▶ _Data for analysis_:
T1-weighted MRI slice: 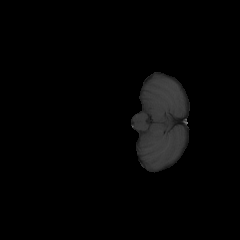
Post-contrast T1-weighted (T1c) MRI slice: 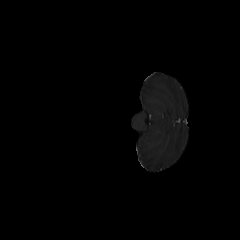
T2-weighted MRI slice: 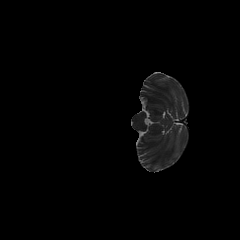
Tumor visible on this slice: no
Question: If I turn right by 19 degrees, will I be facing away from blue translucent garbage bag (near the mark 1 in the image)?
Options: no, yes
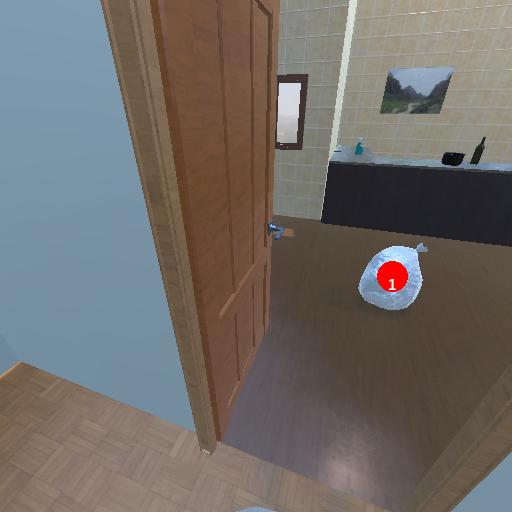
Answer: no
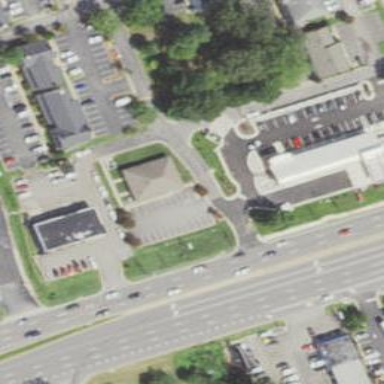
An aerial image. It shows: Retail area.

...

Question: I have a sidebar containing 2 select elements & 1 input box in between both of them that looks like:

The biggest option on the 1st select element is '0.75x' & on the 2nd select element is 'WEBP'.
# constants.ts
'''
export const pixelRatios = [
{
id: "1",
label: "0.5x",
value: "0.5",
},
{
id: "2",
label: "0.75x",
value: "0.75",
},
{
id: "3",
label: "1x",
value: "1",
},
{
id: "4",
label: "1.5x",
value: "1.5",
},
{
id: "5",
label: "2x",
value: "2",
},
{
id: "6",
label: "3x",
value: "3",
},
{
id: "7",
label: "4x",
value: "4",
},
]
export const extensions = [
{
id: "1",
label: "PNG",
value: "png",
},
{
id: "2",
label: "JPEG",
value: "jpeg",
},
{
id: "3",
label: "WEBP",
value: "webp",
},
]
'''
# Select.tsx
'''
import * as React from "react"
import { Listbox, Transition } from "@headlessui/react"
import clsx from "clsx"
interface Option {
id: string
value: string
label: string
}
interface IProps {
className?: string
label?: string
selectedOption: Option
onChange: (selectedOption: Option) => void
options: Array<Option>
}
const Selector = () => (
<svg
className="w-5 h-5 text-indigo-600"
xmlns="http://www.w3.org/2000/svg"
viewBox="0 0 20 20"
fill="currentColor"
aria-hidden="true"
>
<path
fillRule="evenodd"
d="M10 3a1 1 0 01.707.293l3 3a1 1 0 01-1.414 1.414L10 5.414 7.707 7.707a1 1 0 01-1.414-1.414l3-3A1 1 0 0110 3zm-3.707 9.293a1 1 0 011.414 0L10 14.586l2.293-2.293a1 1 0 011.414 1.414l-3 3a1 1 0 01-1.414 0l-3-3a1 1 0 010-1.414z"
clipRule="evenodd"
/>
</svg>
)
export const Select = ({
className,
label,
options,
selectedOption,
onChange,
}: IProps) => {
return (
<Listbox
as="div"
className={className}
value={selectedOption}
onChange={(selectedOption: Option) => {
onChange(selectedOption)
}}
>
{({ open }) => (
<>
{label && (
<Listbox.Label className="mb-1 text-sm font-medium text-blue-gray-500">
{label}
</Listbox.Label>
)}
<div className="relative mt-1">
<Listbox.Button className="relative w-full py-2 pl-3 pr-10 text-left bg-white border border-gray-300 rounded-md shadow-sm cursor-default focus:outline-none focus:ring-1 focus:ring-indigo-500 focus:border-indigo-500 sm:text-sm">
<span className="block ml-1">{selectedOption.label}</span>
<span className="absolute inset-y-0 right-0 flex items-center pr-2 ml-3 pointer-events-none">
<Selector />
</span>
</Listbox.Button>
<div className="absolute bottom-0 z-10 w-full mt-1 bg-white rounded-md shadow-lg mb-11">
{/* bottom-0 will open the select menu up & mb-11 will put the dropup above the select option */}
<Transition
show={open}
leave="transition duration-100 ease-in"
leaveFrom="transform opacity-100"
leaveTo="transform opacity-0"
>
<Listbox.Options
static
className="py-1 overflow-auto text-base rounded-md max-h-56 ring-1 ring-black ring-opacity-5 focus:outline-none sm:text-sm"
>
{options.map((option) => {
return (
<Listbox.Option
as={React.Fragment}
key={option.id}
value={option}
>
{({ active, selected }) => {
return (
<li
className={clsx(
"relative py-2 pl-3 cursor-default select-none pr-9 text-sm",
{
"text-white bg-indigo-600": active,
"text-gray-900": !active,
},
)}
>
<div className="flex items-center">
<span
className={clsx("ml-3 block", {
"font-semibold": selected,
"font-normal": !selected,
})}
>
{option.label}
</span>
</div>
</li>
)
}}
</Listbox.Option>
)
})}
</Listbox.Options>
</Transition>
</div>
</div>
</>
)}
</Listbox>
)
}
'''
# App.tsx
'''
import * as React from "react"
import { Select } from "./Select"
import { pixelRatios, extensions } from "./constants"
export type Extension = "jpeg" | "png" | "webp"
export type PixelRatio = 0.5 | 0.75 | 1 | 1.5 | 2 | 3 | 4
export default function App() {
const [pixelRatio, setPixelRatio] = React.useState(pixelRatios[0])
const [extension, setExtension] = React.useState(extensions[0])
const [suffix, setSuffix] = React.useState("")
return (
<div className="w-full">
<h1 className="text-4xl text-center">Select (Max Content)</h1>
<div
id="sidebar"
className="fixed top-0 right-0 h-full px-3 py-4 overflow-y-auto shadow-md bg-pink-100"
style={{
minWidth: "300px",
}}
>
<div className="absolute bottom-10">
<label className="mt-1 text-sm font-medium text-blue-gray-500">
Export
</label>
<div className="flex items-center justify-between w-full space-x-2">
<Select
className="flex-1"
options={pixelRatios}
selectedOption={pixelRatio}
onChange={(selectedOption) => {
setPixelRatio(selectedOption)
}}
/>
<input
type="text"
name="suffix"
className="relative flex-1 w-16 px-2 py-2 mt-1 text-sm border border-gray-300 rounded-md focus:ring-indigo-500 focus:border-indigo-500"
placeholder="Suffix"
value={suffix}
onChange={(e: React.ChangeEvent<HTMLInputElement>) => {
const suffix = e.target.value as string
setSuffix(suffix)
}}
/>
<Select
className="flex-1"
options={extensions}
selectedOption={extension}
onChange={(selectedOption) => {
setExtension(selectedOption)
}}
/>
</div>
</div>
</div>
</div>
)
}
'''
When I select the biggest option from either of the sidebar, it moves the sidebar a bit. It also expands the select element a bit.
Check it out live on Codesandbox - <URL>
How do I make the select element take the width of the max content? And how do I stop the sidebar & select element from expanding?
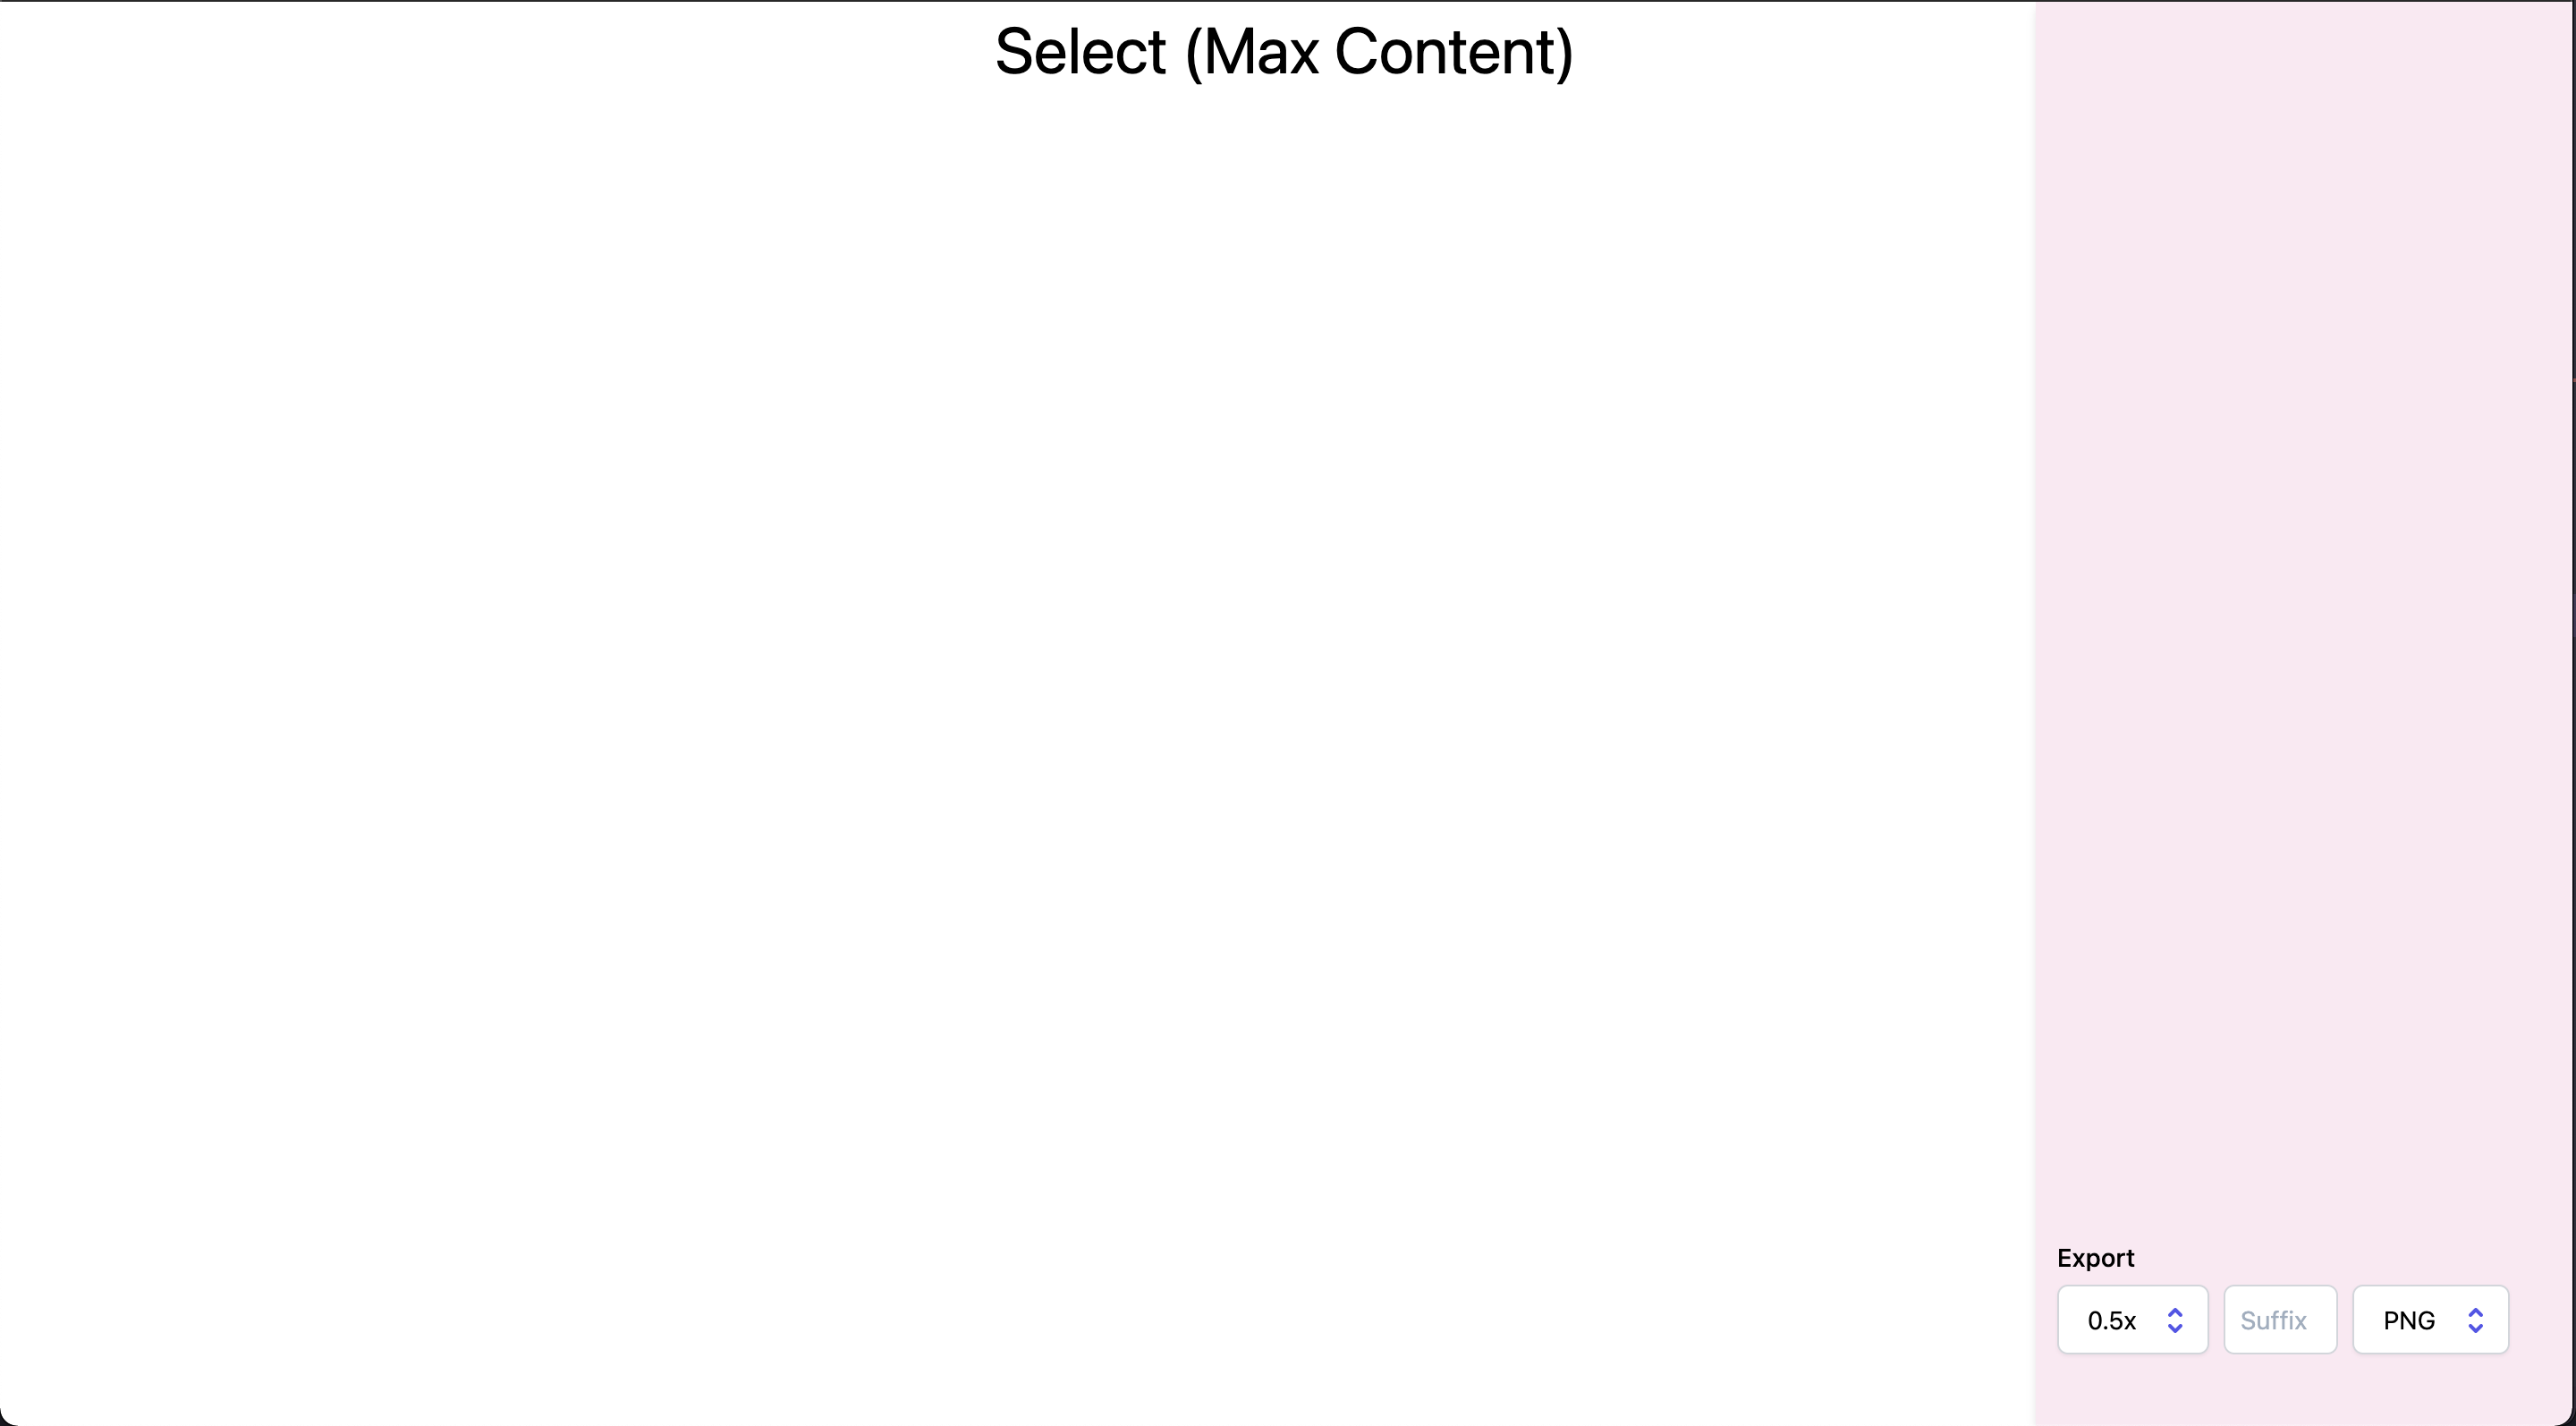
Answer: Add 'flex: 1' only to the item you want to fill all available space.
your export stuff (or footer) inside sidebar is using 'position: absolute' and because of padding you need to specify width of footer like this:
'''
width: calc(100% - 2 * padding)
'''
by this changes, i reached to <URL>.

▶ _Required work_:
Go to the line above that contains "Tumor visible on this slice: no" and reproduce everything exactly from there through the line that contains "An aerial image. It shows: Retail area.", leaving out the pictures.

▶ _Response below_:
Tumor visible on this slice: no
Question: If I turn right by 19 degrees, will I be facing away from blue translucent garbage bag (near the mark 1 in the image)?
Options: no, yes
Answer: no
An aerial image. It shows: Retail area.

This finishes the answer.